▶ **AIM OF THE TASK**: Keep the lines exact and the pictures out as you repeat the following listing.

-------

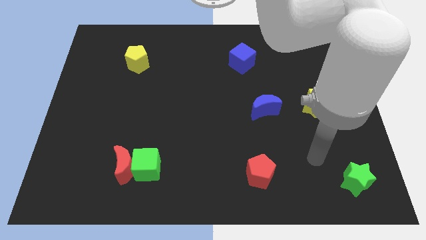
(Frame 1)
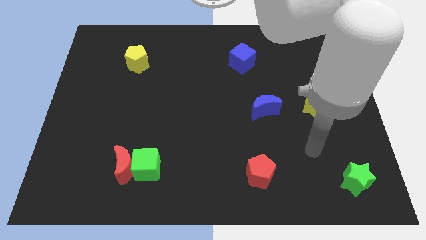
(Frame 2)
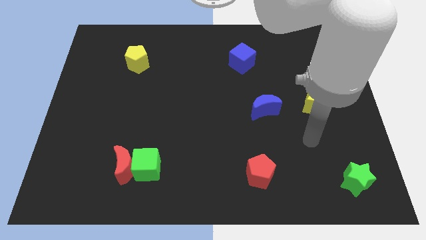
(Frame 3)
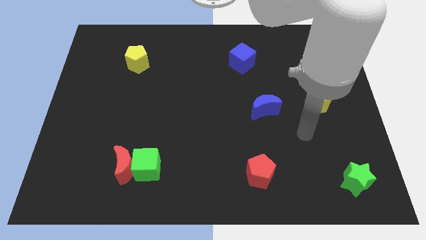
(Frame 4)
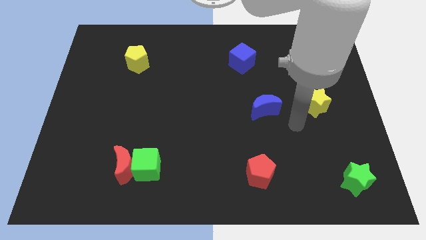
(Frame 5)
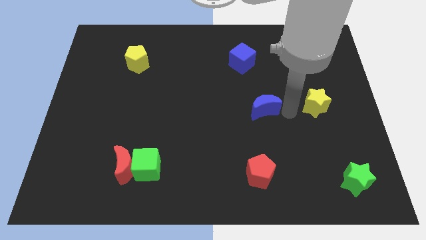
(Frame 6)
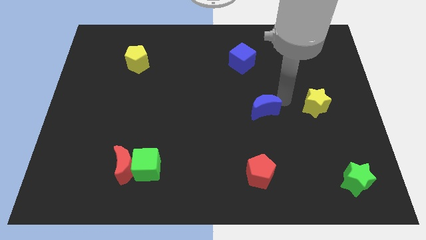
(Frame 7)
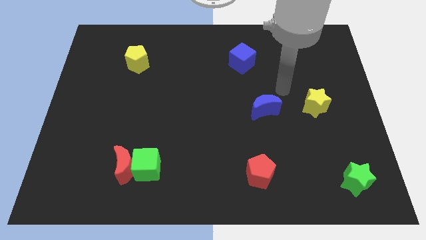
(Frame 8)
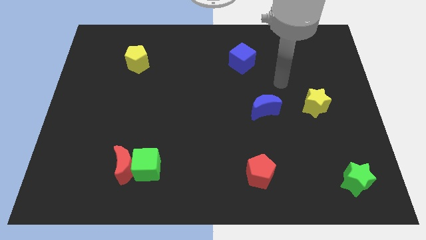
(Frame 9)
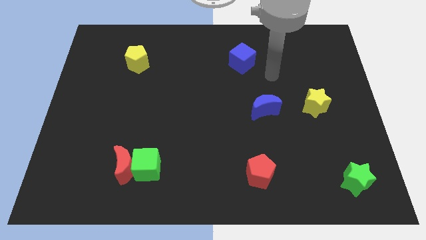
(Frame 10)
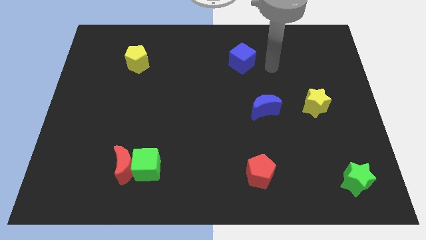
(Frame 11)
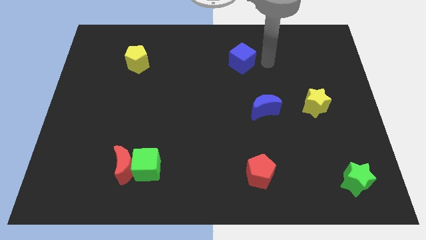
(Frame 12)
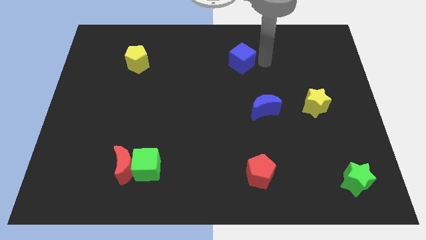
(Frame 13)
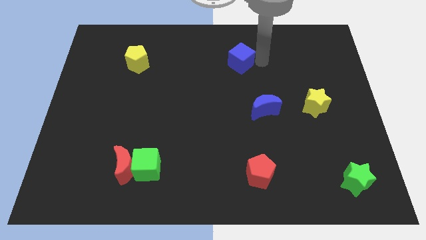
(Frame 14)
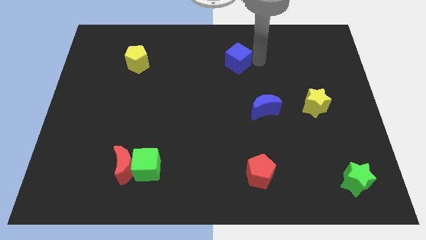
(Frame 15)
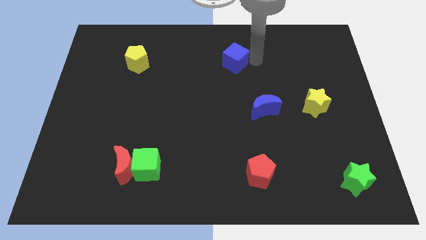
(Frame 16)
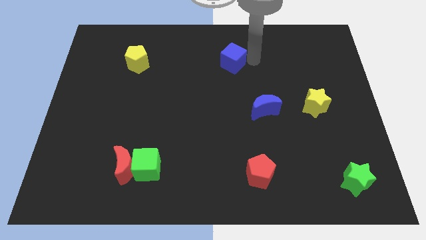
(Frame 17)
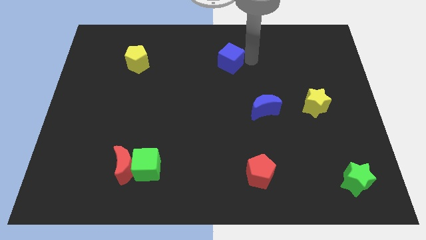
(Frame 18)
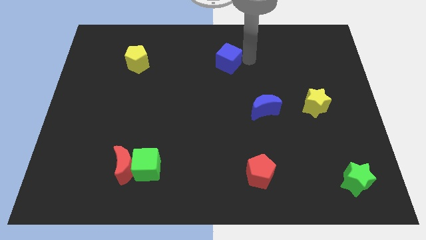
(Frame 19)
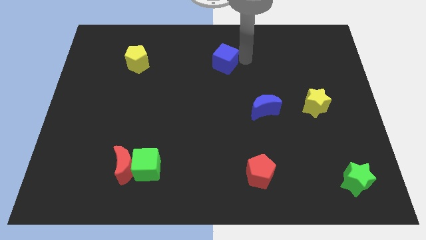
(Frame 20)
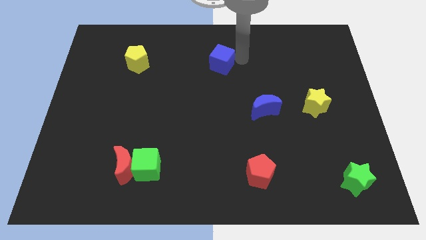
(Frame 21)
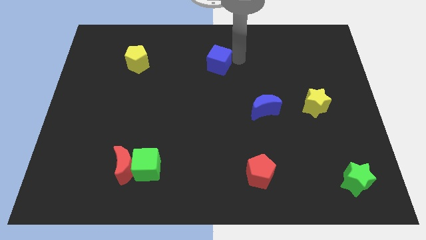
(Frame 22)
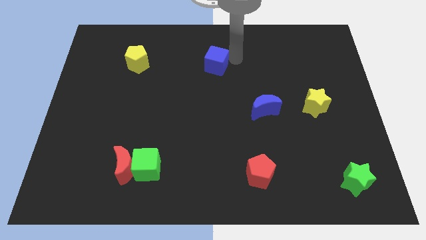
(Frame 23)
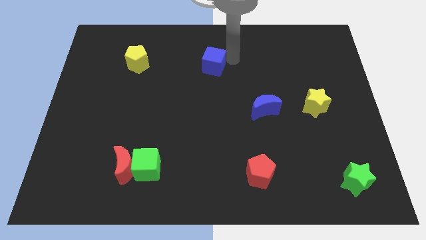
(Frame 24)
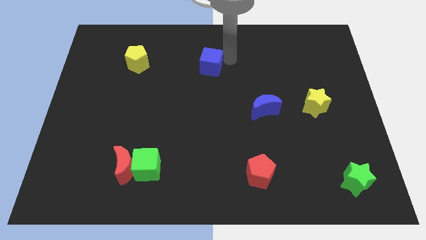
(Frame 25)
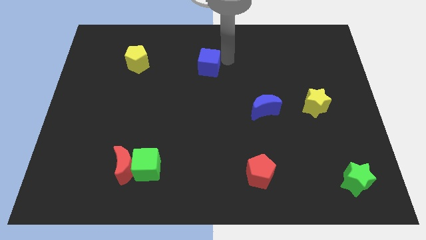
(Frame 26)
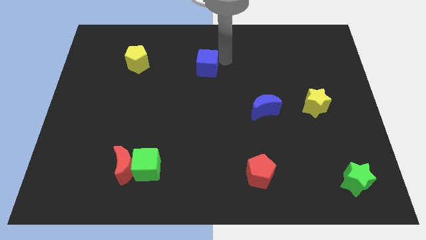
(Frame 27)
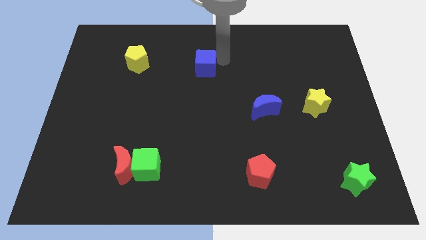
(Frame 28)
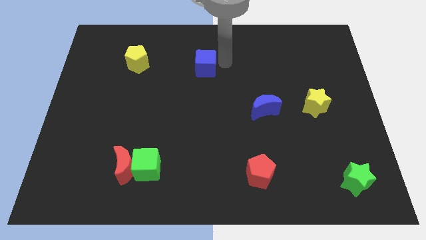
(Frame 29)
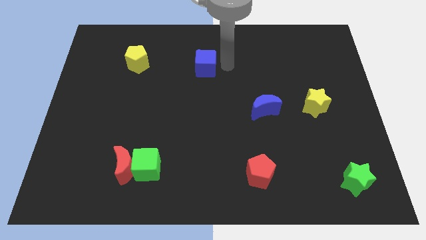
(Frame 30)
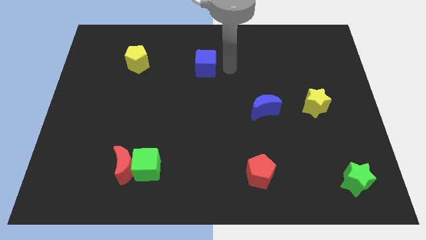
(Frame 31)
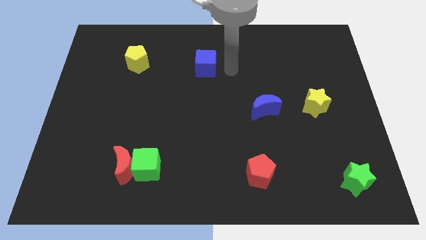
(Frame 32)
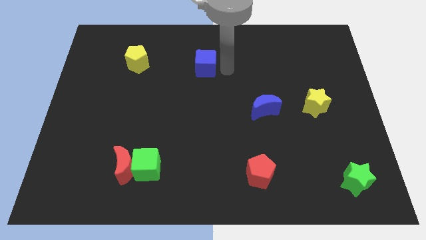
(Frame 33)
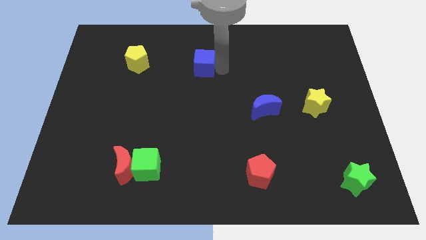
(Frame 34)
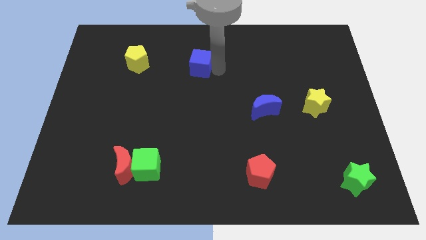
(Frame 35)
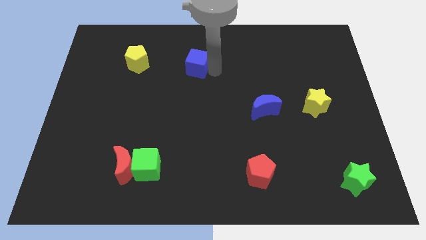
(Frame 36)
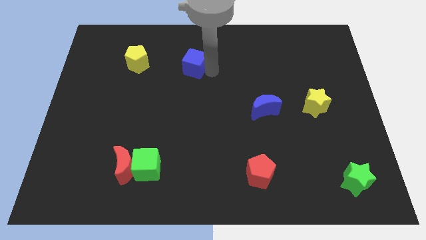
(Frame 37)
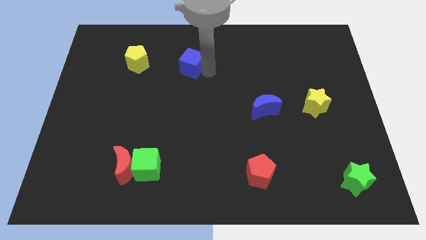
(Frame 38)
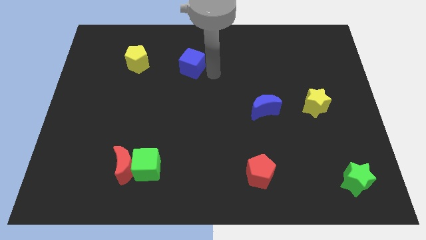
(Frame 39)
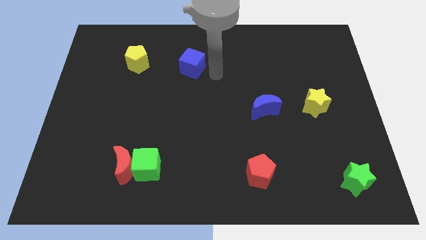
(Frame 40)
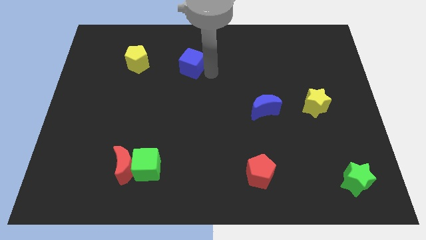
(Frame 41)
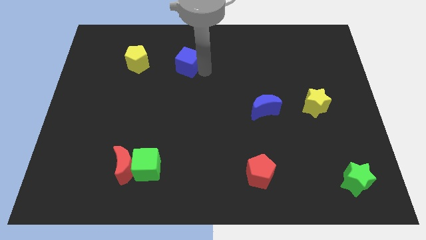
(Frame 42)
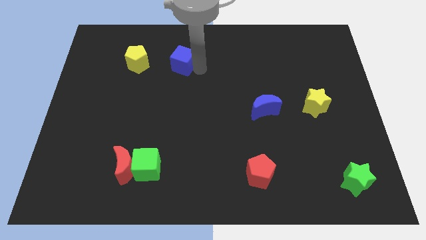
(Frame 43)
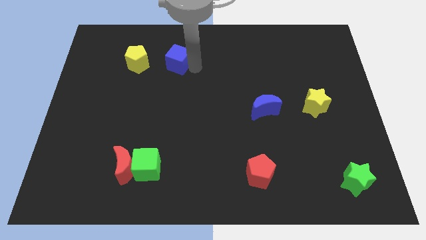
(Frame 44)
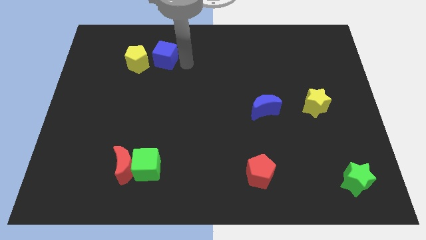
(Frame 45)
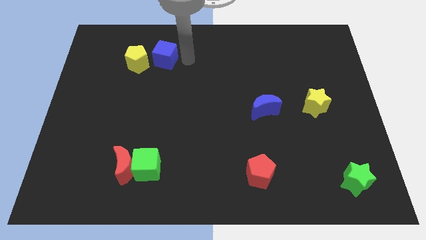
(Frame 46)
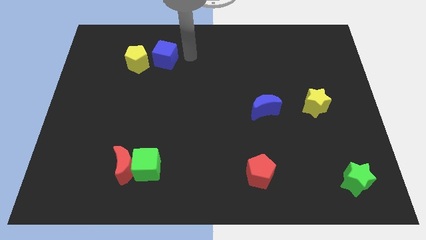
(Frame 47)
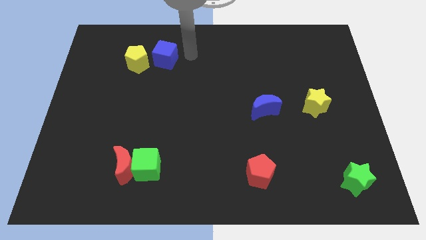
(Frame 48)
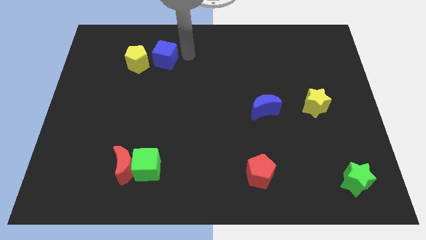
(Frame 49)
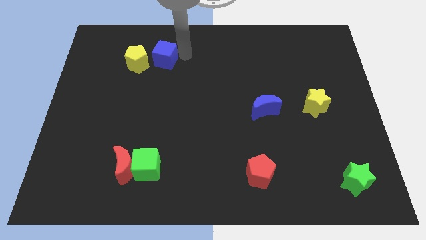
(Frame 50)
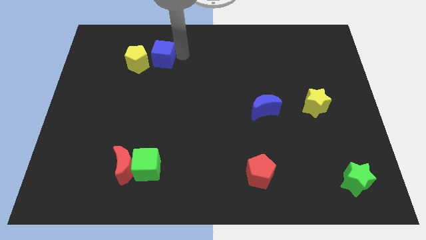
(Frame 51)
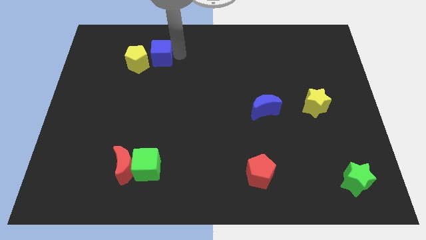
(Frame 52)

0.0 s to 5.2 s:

-------

▶ **RESULT**:
(Frame 1)
(Frame 2)
(Frame 3)
(Frame 4)
(Frame 5)
(Frame 6)
(Frame 7)
(Frame 8)
(Frame 9)
(Frame 10)
(Frame 11)
(Frame 12)
(Frame 13)
(Frame 14)
(Frame 15)
(Frame 16)
(Frame 17)
(Frame 18)
(Frame 19)
(Frame 20)
(Frame 21)
(Frame 22)
(Frame 23)
(Frame 24)
(Frame 25)
(Frame 26)
(Frame 27)
(Frame 28)
(Frame 29)
(Frame 30)
(Frame 31)
(Frame 32)
(Frame 33)
(Frame 34)
(Frame 35)
(Frame 36)
(Frame 37)
(Frame 38)
(Frame 39)
(Frame 40)
(Frame 41)
(Frame 42)
(Frame 43)
(Frame 44)
(Frame 45)
(Frame 46)
(Frame 47)
(Frame 48)
(Frame 49)
(Frame 50)
(Frame 51)
(Frame 52)

0.0 s to 5.2 s:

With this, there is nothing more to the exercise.